WHAT TO PRODUCE: Find the lines in the records below that contain "output", and report each of them.
+++ DATA FOR REVIEW +++
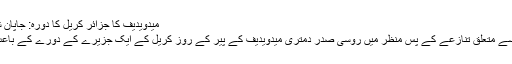
میدویدیف کا جزائر کریل کا دورہ: جاپان شدید ناراض | حالات حاضرہ | DW | 01.11.2010
جاپان کے ساتھ چند ‌خاص سمندری جزائر کی ملکیت سے متعلق تنازعے کے پس منظر میں روسی صدر دمتری میدویدیف کے پیر کے روز کریل کے ایک جزیرے کے دورے کے باعث ٹوکیو اور ماسکو کے مابین نئی کشیدگی پیدا ہو گئی۔
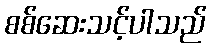
စစ်ဆေးသင့်ပါသည်
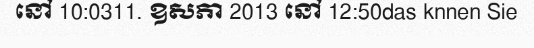
នៅ 10:0311. ឧសភា 2013 នៅ 12:50das knnen Sie
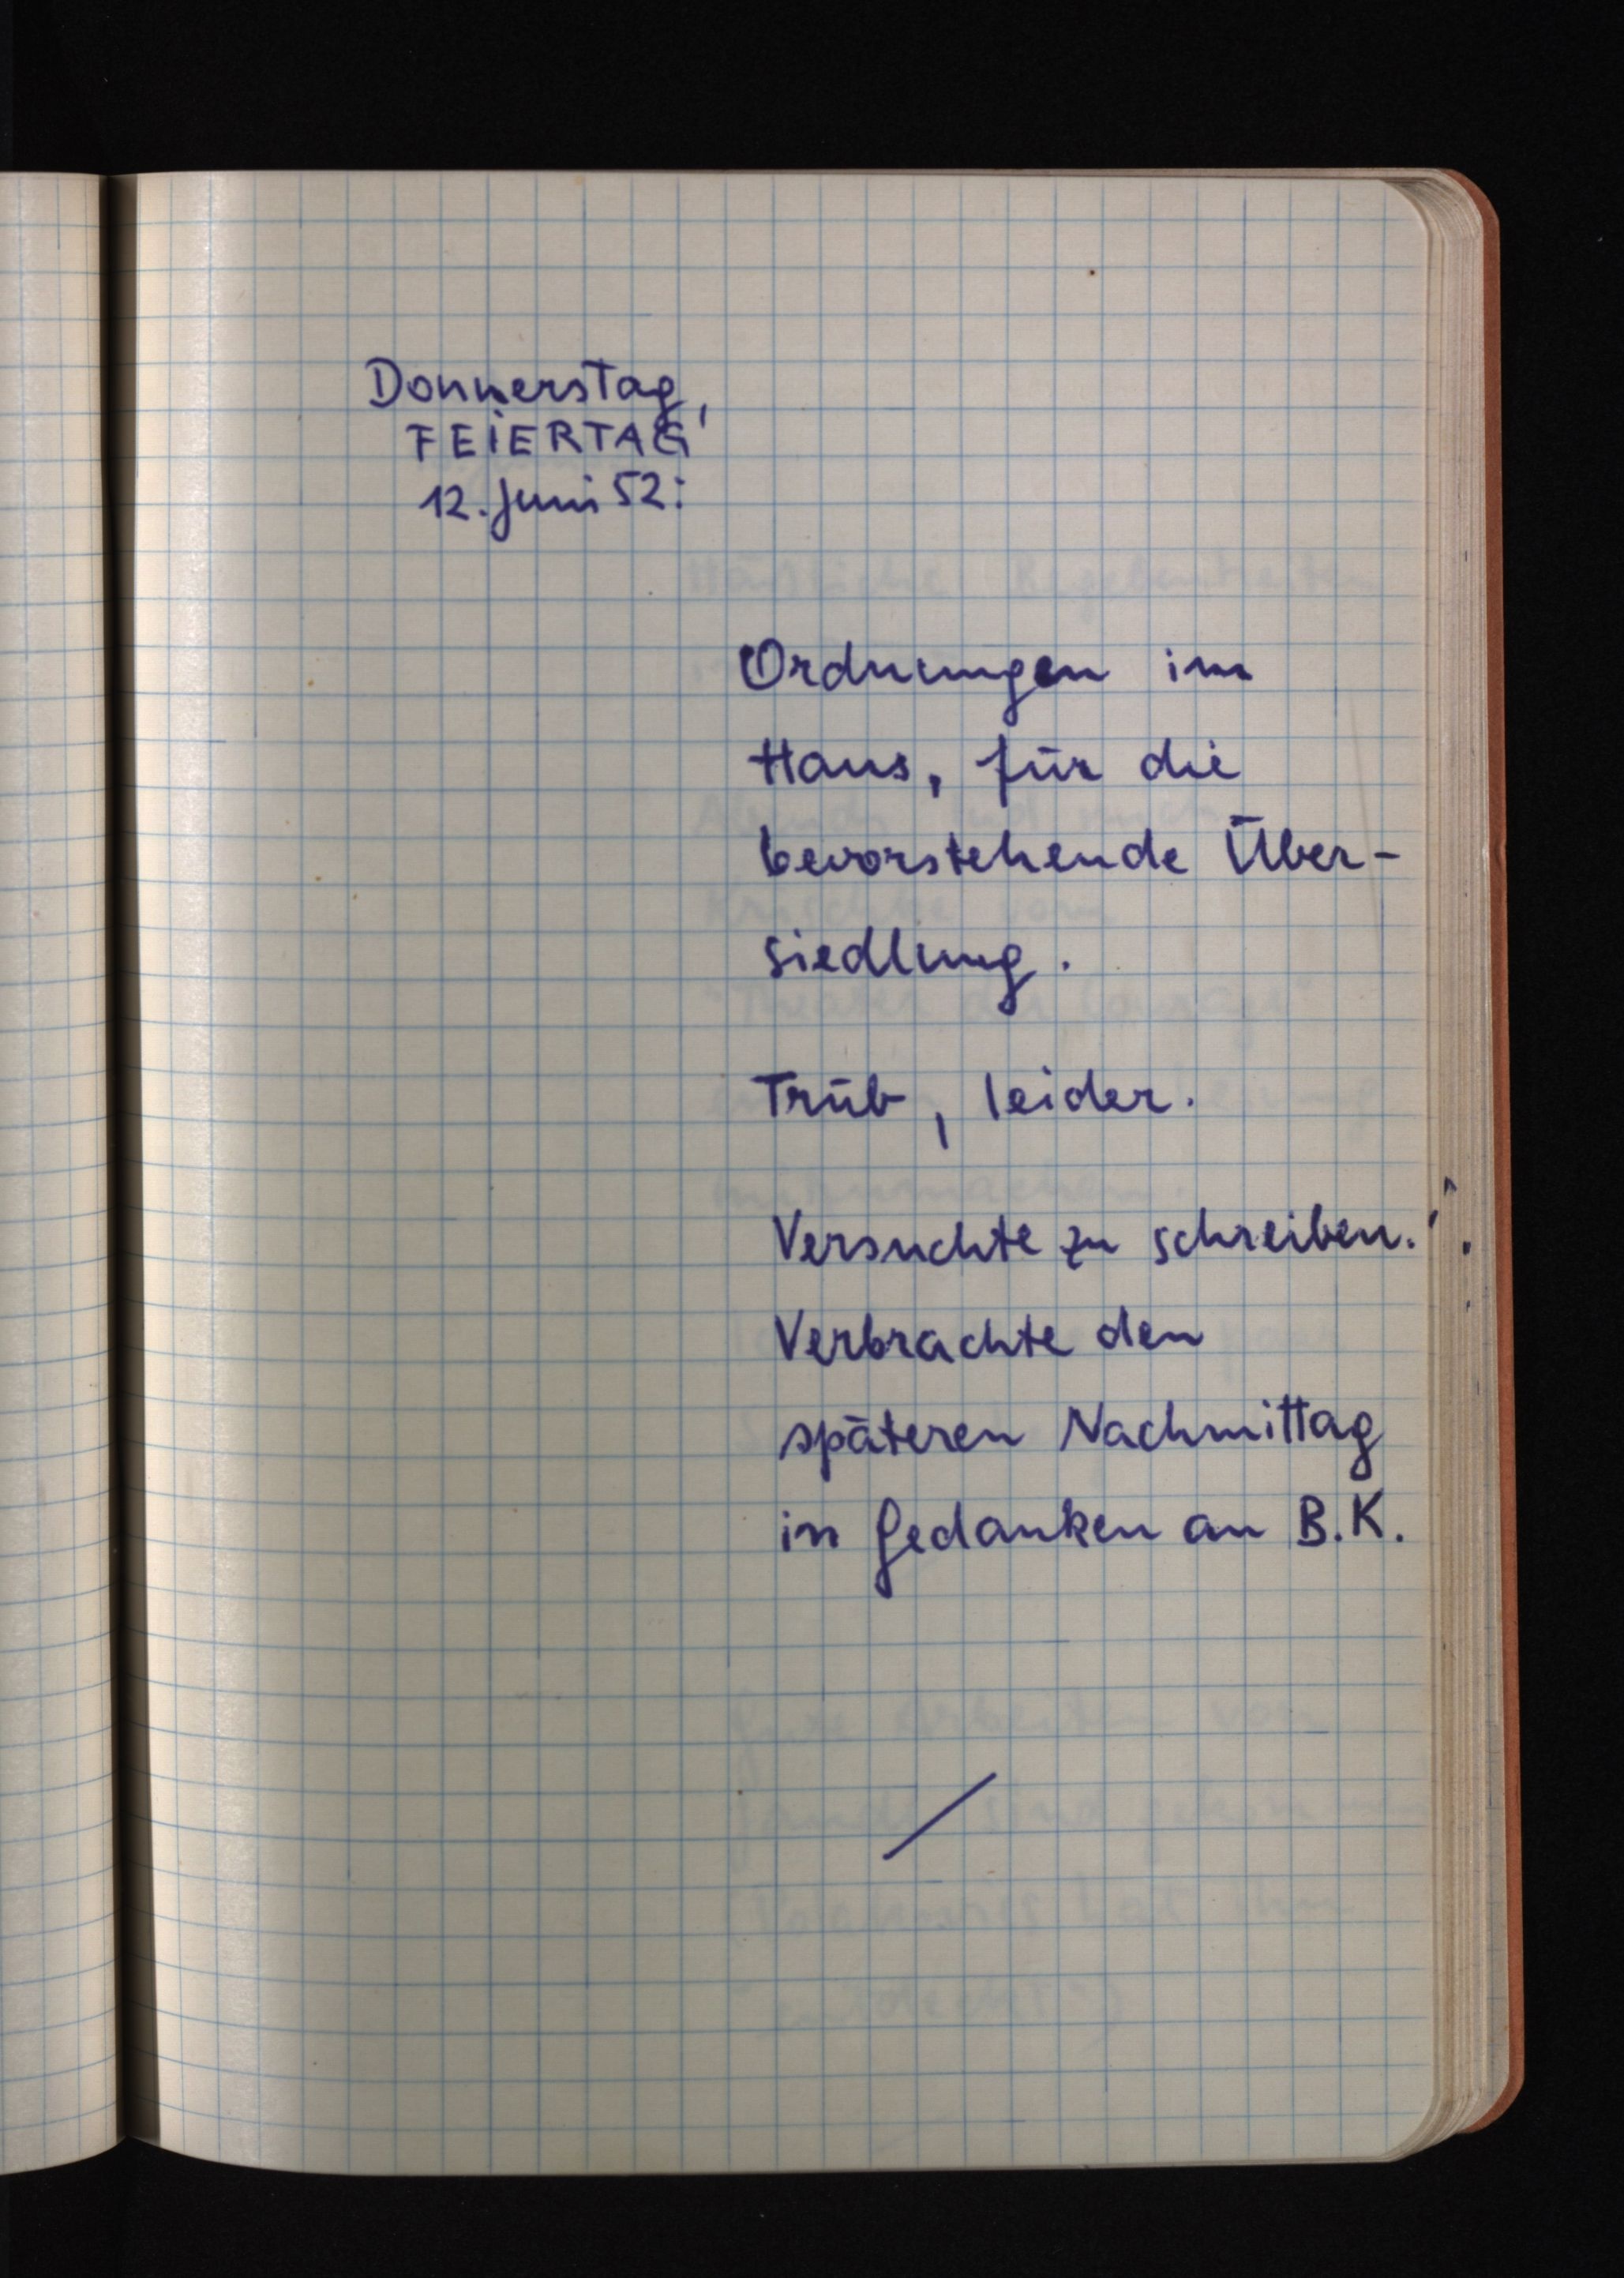
Donnerstag,
FEIERTAG
12. Juni 52:
Ordnungen im
Haus, für die
bevorstehende Über¬
siedlung.
Trüb, leider.
Versuchte zu schreiben.
Verbrachte den
späteren Nachmittag
in Gedanken an B. K.
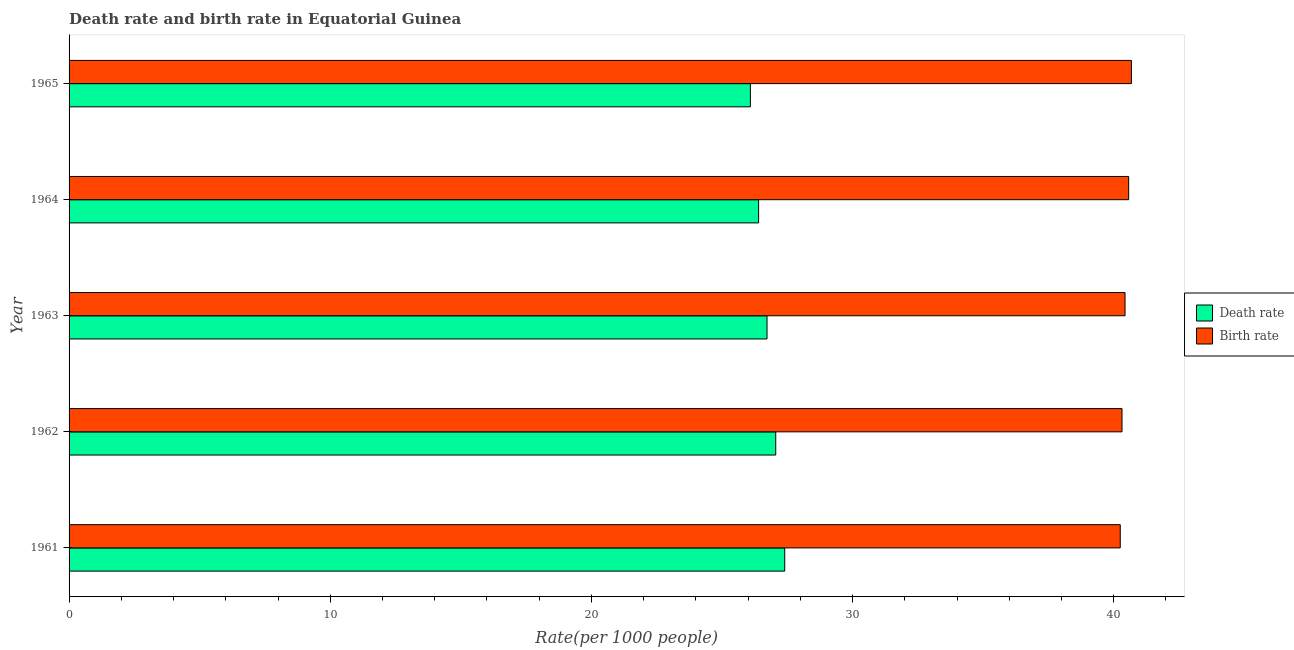
| Year | Death rate | Birth rate |
 | --- | --- | --- |
 | 1961 | 27.4 | 40.3 |
 | 1962 | 27.1 | 40.3 |
 | 1963 | 26.7 | 40.4 |
 | 1964 | 26.4 | 40.6 |
 | 1965 | 26.1 | 40.7 |
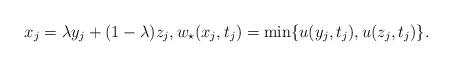
LaTeX: \begin{align*} x_j = \lambda y_j + (1-\lambda) z_j, w_\star(x_j, t_j) = \min\{u(y_j, t_j), u(z_j, t_j)\}. \end{align*}
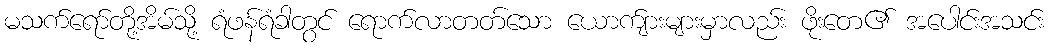
မသက်ရော်တို့အိမ်သို့ ရံဖန်ရံခါတွင် ရောက်လာတတ်သော ယောက်ျားများမှာလည်း ဖိုးတေ၏ အပေါင်းအသင်း
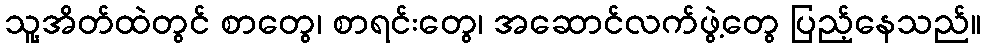
သူ့အိတ်ထဲတွင် စာတွေ၊ စာရင်းတွေ၊ အဆောင်လက်ဖွဲ့တွေ ပြည့်နေသည်။
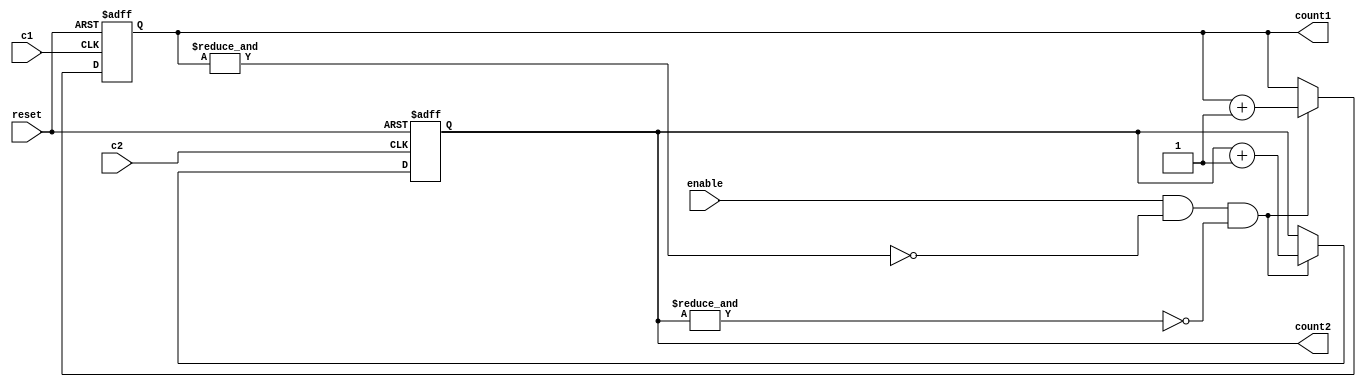
`timescale 1ns / 1ps
//////////////////////////////////////////////////////////////////////////////////
// Company: 
// Engineer: 
// 
// Design Name: 
// Module Name:    cac2 
// Project Name: 
// Target Devices: 
// Tool versions: 
// Description: 
//
// Dependencies: 
//
// Revision: 
// Revision 0.01 - File Created
// Additional Comments: 
//
//////////////////////////////////////////////////////////////////////////////////
module cac2(
    input c2, c1,
    input enable , reset,
  output reg [7:0]count2 ,
  output reg [7:0]count1)  ;
    // initial begin count1=0;count2=0;end
	  
always@(posedge c2 or posedge reset)
begin
		if(reset)
		begin
			count2 <= 0;
		end	
					 
		else if(enable & !(&count1) & !(&count2))
		begin
			count2 <= count2 + 1;
		end	

end				

always@(posedge c1 or posedge reset)
begin
		if(reset)
		begin
			count1 <= 0;
		end	
					 
		else if(enable & !(&count1) & !(&count2))
		begin
			count1 <= count1 + 1;
		end	

end				

endmodule
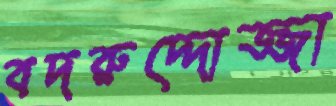
বদরুদ্দোজ্জা
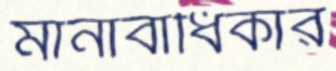
মানাবাধিকার
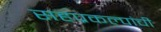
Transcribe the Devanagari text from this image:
सहप्रकल्पांची
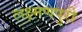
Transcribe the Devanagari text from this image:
लक्ष्मणपुरी
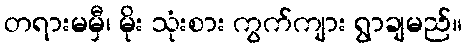
တရားမမှီ၊ မိုး သုံးစား ကွက်ကျား ရွာချမည်။
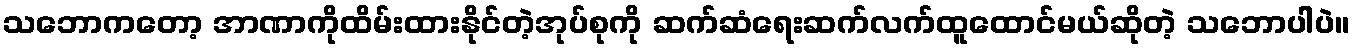
သဘောကတော့ အာဏာကိုထိမ်းထားနိုင်တဲ့အုပ်စုကို ဆက်ဆံရေးဆက်လက်ထူထောင်မယ်ဆိုတဲ့ သဘောပါပဲ။
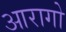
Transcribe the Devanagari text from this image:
आरागो
+++
TASK ANSWER:
  output reg [7:0]count2 ,
  output reg [7:0]count1)  ;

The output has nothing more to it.